- [Work order]: The copy has to match the records word for word and include no pictures.

- [Items listed in a dataset]:
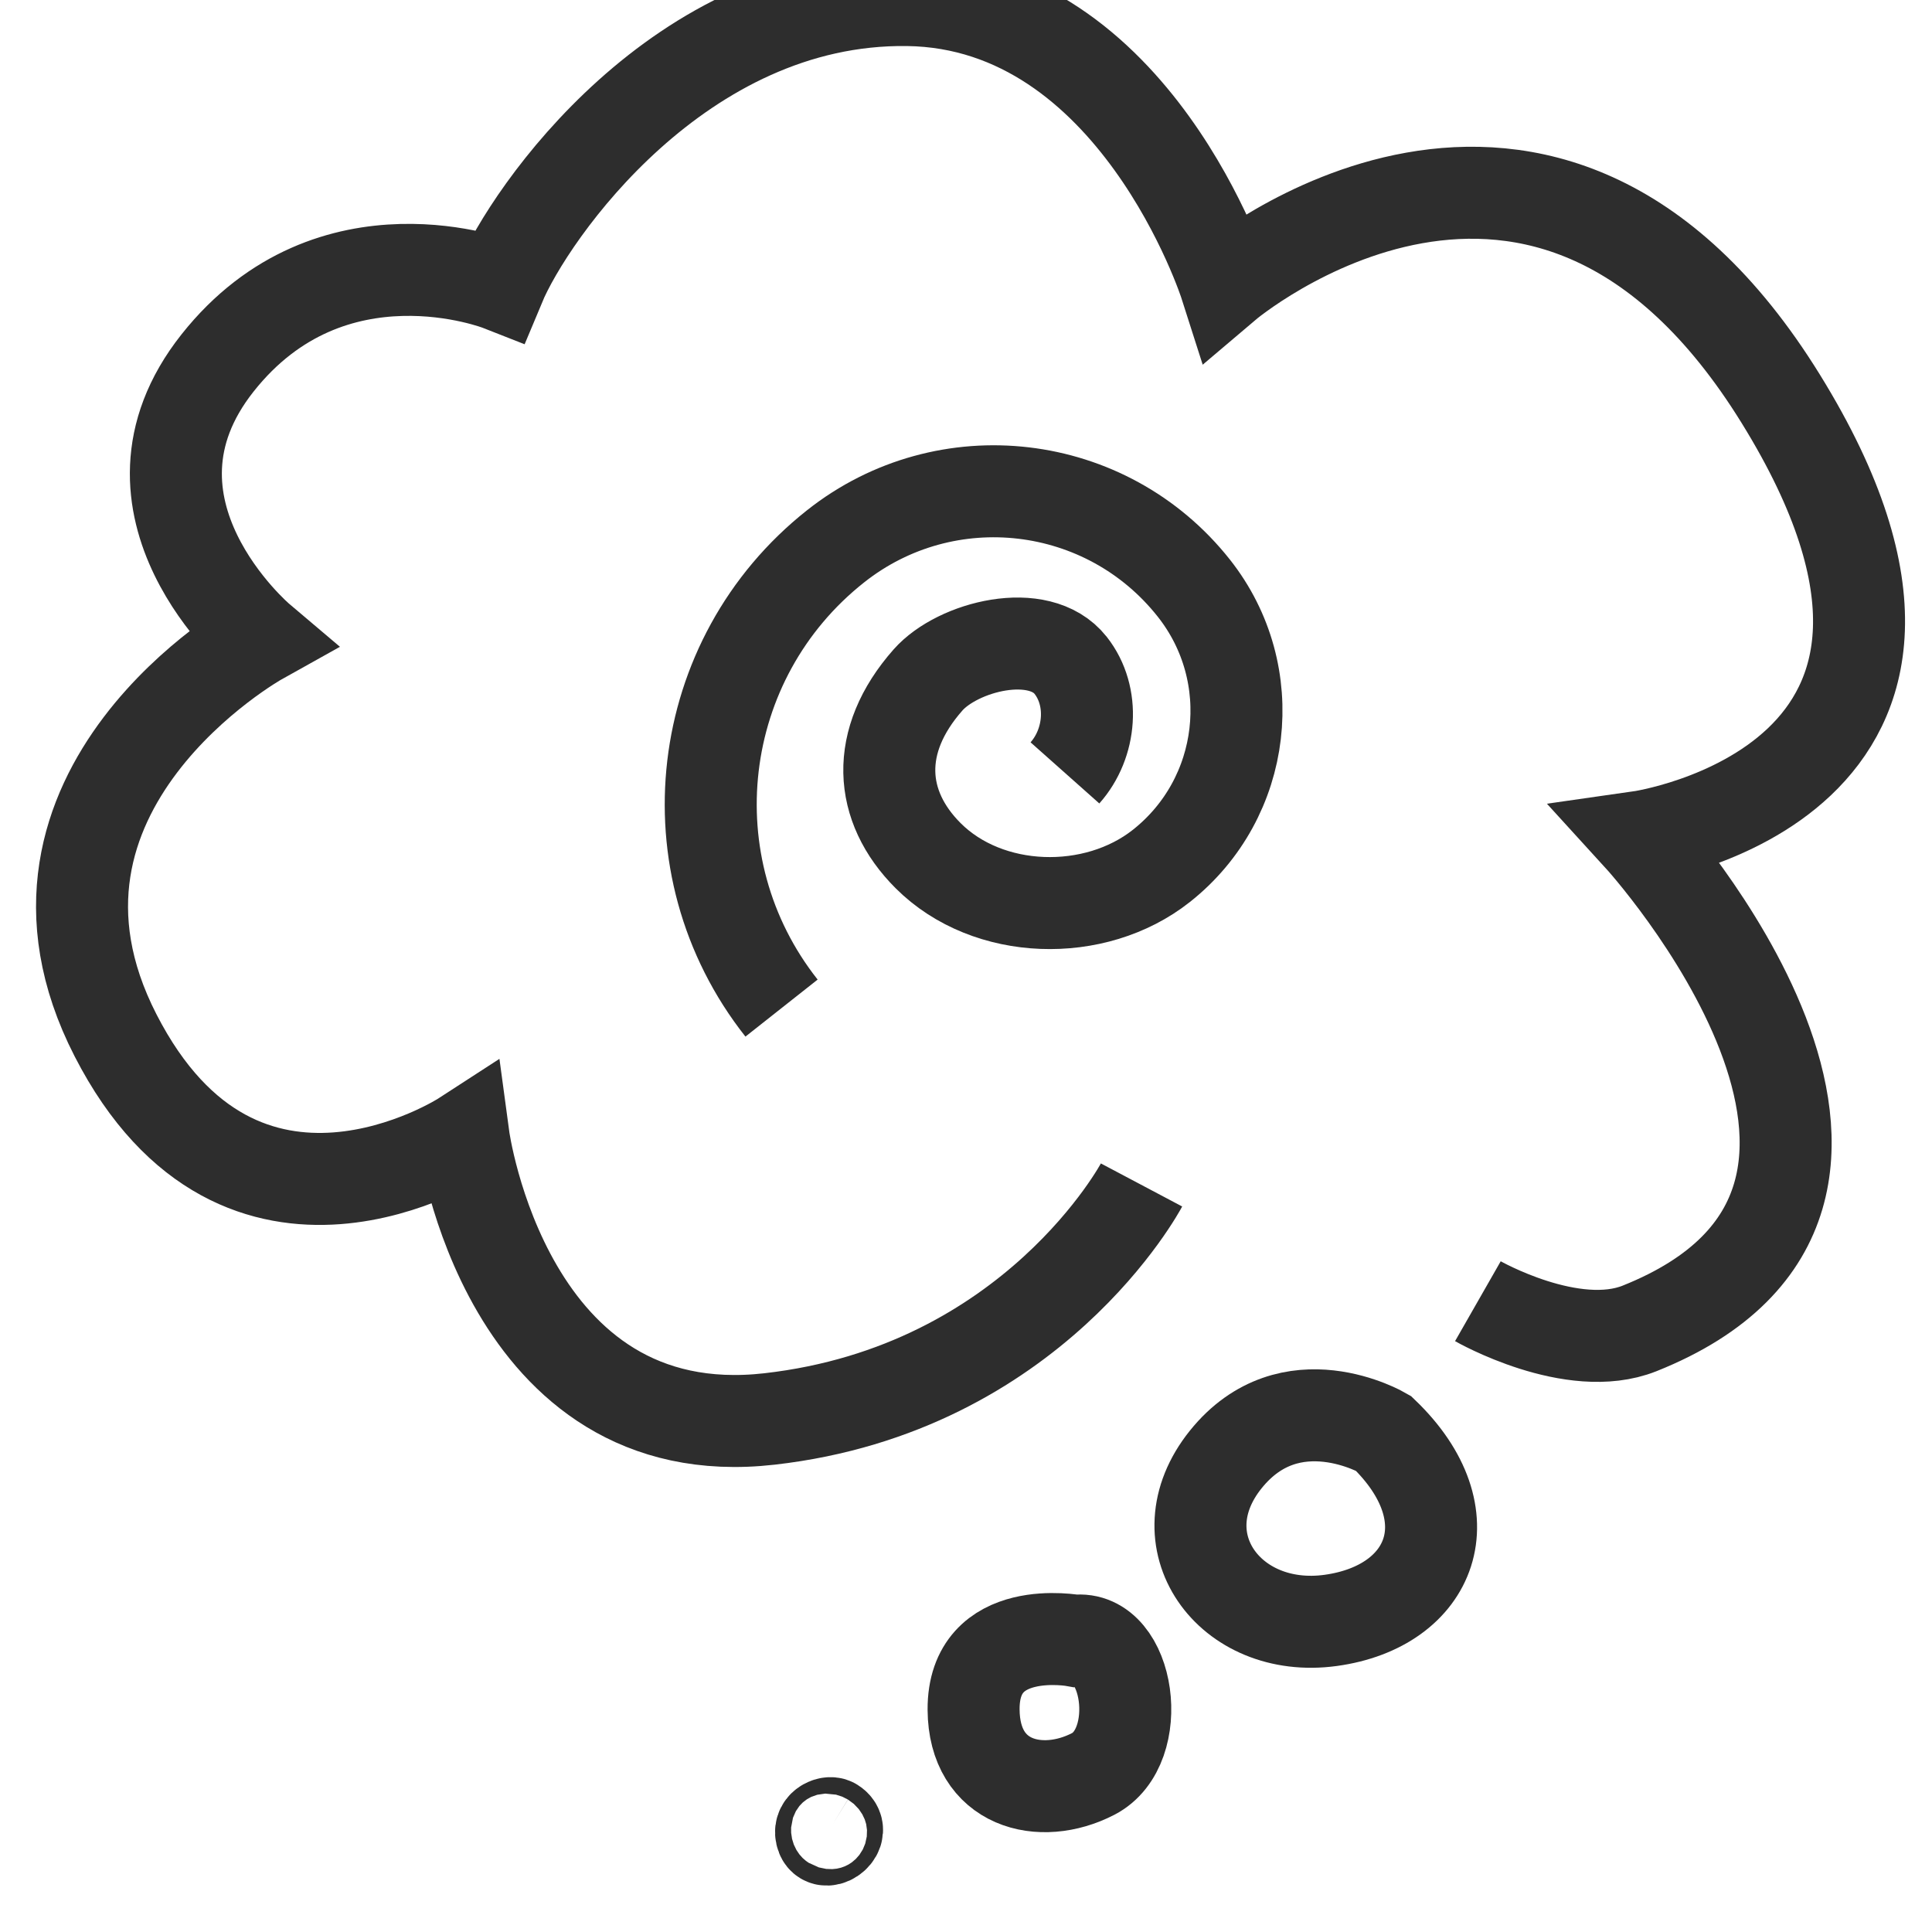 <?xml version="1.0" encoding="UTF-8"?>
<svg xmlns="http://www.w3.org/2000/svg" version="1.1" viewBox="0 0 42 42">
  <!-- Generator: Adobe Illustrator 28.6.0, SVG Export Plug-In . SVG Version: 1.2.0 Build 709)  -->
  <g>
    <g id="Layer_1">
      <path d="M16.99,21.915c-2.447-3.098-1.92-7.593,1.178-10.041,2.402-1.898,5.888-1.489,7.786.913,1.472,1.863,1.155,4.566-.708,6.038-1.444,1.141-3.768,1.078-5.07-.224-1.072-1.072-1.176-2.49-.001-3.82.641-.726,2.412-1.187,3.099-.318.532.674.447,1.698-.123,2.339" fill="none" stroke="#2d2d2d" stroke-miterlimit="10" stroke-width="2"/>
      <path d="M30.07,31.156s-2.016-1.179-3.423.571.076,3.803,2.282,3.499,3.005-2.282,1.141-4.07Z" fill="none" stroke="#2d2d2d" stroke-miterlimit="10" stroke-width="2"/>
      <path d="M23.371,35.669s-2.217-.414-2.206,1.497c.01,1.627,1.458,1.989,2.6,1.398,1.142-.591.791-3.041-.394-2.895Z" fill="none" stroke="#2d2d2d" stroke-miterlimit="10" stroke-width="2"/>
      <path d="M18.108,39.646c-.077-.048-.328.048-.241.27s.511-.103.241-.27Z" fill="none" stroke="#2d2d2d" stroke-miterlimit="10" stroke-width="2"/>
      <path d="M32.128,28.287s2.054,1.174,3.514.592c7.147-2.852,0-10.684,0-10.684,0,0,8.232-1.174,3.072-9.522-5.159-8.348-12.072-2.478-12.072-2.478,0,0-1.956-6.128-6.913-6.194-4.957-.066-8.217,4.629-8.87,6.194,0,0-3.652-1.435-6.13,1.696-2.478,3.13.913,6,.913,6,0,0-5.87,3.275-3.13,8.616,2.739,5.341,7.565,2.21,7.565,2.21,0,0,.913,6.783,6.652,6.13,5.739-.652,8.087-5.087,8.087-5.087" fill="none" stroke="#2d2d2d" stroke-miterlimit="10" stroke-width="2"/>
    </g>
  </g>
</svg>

- [Result of this exercise]:
 <?xml version="1.0" encoding="UTF-8"?>
<svg xmlns="http://www.w3.org/2000/svg" version="1.1" viewBox="0 0 42 42">
  <!-- Generator: Adobe Illustrator 28.6.0, SVG Export Plug-In . SVG Version: 1.2.0 Build 709)  -->
  <g>
    <g id="Layer_1">
      <path d="M16.99,21.915c-2.447-3.098-1.92-7.593,1.178-10.041,2.402-1.898,5.888-1.489,7.786.913,1.472,1.863,1.155,4.566-.708,6.038-1.444,1.141-3.768,1.078-5.07-.224-1.072-1.072-1.176-2.49-.001-3.82.641-.726,2.412-1.187,3.099-.318.532.674.447,1.698-.123,2.339" fill="none" stroke="#2d2d2d" stroke-miterlimit="10" stroke-width="2"/>
      <path d="M30.07,31.156s-2.016-1.179-3.423.571.076,3.803,2.282,3.499,3.005-2.282,1.141-4.07Z" fill="none" stroke="#2d2d2d" stroke-miterlimit="10" stroke-width="2"/>
      <path d="M23.371,35.669s-2.217-.414-2.206,1.497c.01,1.627,1.458,1.989,2.6,1.398,1.142-.591.791-3.041-.394-2.895Z" fill="none" stroke="#2d2d2d" stroke-miterlimit="10" stroke-width="2"/>
      <path d="M18.108,39.646c-.077-.048-.328.048-.241.27s.511-.103.241-.27Z" fill="none" stroke="#2d2d2d" stroke-miterlimit="10" stroke-width="2"/>
      <path d="M32.128,28.287s2.054,1.174,3.514.592c7.147-2.852,0-10.684,0-10.684,0,0,8.232-1.174,3.072-9.522-5.159-8.348-12.072-2.478-12.072-2.478,0,0-1.956-6.128-6.913-6.194-4.957-.066-8.217,4.629-8.87,6.194,0,0-3.652-1.435-6.13,1.696-2.478,3.13.913,6,.913,6,0,0-5.87,3.275-3.13,8.616,2.739,5.341,7.565,2.21,7.565,2.21,0,0,.913,6.783,6.652,6.13,5.739-.652,8.087-5.087,8.087-5.087" fill="none" stroke="#2d2d2d" stroke-miterlimit="10" stroke-width="2"/>
    </g>
  </g>
</svg>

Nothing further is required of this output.